Please set down the records below exactly as they appear.

### RECORD EXCERPTS

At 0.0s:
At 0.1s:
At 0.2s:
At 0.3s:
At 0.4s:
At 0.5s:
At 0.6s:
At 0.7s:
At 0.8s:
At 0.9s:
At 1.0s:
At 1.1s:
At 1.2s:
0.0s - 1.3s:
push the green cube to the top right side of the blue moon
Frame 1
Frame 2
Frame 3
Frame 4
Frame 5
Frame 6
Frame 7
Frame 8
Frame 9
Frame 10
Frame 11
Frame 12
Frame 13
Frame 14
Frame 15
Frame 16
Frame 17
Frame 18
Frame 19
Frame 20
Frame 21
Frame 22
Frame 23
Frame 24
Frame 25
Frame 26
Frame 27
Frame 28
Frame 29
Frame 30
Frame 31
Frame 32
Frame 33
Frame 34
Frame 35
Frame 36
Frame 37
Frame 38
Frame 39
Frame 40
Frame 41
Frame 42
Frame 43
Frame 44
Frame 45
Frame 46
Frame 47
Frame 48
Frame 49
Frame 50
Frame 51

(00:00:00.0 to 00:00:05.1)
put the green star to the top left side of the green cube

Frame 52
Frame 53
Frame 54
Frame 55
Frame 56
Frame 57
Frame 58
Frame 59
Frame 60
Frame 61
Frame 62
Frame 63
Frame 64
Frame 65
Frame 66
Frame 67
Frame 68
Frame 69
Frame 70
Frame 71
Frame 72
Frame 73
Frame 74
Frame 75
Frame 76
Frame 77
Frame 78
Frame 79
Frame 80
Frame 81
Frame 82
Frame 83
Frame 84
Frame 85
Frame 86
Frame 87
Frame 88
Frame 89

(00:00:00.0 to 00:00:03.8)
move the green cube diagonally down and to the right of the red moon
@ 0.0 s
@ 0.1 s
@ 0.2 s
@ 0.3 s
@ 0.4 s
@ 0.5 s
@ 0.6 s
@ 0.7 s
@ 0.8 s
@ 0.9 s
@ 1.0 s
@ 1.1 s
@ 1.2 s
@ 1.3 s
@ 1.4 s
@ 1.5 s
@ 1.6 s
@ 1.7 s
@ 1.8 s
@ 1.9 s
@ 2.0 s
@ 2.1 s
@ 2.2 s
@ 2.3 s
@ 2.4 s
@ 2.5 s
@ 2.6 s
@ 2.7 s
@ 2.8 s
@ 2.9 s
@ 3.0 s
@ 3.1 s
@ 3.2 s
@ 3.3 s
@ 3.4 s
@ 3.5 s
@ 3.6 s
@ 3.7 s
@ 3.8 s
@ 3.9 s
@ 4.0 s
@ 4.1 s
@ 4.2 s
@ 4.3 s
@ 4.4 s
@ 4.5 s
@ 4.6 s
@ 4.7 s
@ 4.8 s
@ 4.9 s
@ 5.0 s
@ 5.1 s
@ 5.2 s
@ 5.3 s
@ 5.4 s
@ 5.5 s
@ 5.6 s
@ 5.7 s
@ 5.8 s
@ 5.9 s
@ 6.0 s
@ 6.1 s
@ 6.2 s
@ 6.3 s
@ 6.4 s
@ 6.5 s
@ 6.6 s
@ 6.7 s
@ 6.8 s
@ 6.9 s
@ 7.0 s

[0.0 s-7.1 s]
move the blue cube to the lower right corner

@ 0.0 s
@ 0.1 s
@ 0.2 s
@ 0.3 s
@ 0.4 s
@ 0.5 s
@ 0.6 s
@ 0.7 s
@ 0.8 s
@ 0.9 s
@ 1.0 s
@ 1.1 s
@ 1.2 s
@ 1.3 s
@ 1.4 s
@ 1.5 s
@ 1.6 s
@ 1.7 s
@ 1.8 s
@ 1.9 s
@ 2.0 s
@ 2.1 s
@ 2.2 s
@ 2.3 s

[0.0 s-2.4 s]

######

* [RESPONSE AREA]:
At 0.0s:
At 0.1s:
At 0.2s:
At 0.3s:
At 0.4s:
At 0.5s:
At 0.6s:
At 0.7s:
At 0.8s:
At 0.9s:
At 1.0s:
At 1.1s:
At 1.2s:
0.0s - 1.3s:
push the green cube to the top right side of the blue moon
Frame 1
Frame 2
Frame 3
Frame 4
Frame 5
Frame 6
Frame 7
Frame 8
Frame 9
Frame 10
Frame 11
Frame 12
Frame 13
Frame 14
Frame 15
Frame 16
Frame 17
Frame 18
Frame 19
Frame 20
Frame 21
Frame 22
Frame 23
Frame 24
Frame 25
Frame 26
Frame 27
Frame 28
Frame 29
Frame 30
Frame 31
Frame 32
Frame 33
Frame 34
Frame 35
Frame 36
Frame 37
Frame 38
Frame 39
Frame 40
Frame 41
Frame 42
Frame 43
Frame 44
Frame 45
Frame 46
Frame 47
Frame 48
Frame 49
Frame 50
Frame 51

(00:00:00.0 to 00:00:05.1)
put the green star to the top left side of the green cube

Frame 52
Frame 53
Frame 54
Frame 55
Frame 56
Frame 57
Frame 58
Frame 59
Frame 60
Frame 61
Frame 62
Frame 63
Frame 64
Frame 65
Frame 66
Frame 67
Frame 68
Frame 69
Frame 70
Frame 71
Frame 72
Frame 73
Frame 74
Frame 75
Frame 76
Frame 77
Frame 78
Frame 79
Frame 80
Frame 81
Frame 82
Frame 83
Frame 84
Frame 85
Frame 86
Frame 87
Frame 88
Frame 89

(00:00:00.0 to 00:00:03.8)
move the green cube diagonally down and to the right of the red moon
@ 0.0 s
@ 0.1 s
@ 0.2 s
@ 0.3 s
@ 0.4 s
@ 0.5 s
@ 0.6 s
@ 0.7 s
@ 0.8 s
@ 0.9 s
@ 1.0 s
@ 1.1 s
@ 1.2 s
@ 1.3 s
@ 1.4 s
@ 1.5 s
@ 1.6 s
@ 1.7 s
@ 1.8 s
@ 1.9 s
@ 2.0 s
@ 2.1 s
@ 2.2 s
@ 2.3 s
@ 2.4 s
@ 2.5 s
@ 2.6 s
@ 2.7 s
@ 2.8 s
@ 2.9 s
@ 3.0 s
@ 3.1 s
@ 3.2 s
@ 3.3 s
@ 3.4 s
@ 3.5 s
@ 3.6 s
@ 3.7 s
@ 3.8 s
@ 3.9 s
@ 4.0 s
@ 4.1 s
@ 4.2 s
@ 4.3 s
@ 4.4 s
@ 4.5 s
@ 4.6 s
@ 4.7 s
@ 4.8 s
@ 4.9 s
@ 5.0 s
@ 5.1 s
@ 5.2 s
@ 5.3 s
@ 5.4 s
@ 5.5 s
@ 5.6 s
@ 5.7 s
@ 5.8 s
@ 5.9 s
@ 6.0 s
@ 6.1 s
@ 6.2 s
@ 6.3 s
@ 6.4 s
@ 6.5 s
@ 6.6 s
@ 6.7 s
@ 6.8 s
@ 6.9 s
@ 7.0 s

[0.0 s-7.1 s]
move the blue cube to the lower right corner

@ 0.0 s
@ 0.1 s
@ 0.2 s
@ 0.3 s
@ 0.4 s
@ 0.5 s
@ 0.6 s
@ 0.7 s
@ 0.8 s
@ 0.9 s
@ 1.0 s
@ 1.1 s
@ 1.2 s
@ 1.3 s
@ 1.4 s
@ 1.5 s
@ 1.6 s
@ 1.7 s
@ 1.8 s
@ 1.9 s
@ 2.0 s
@ 2.1 s
@ 2.2 s
@ 2.3 s

[0.0 s-2.4 s]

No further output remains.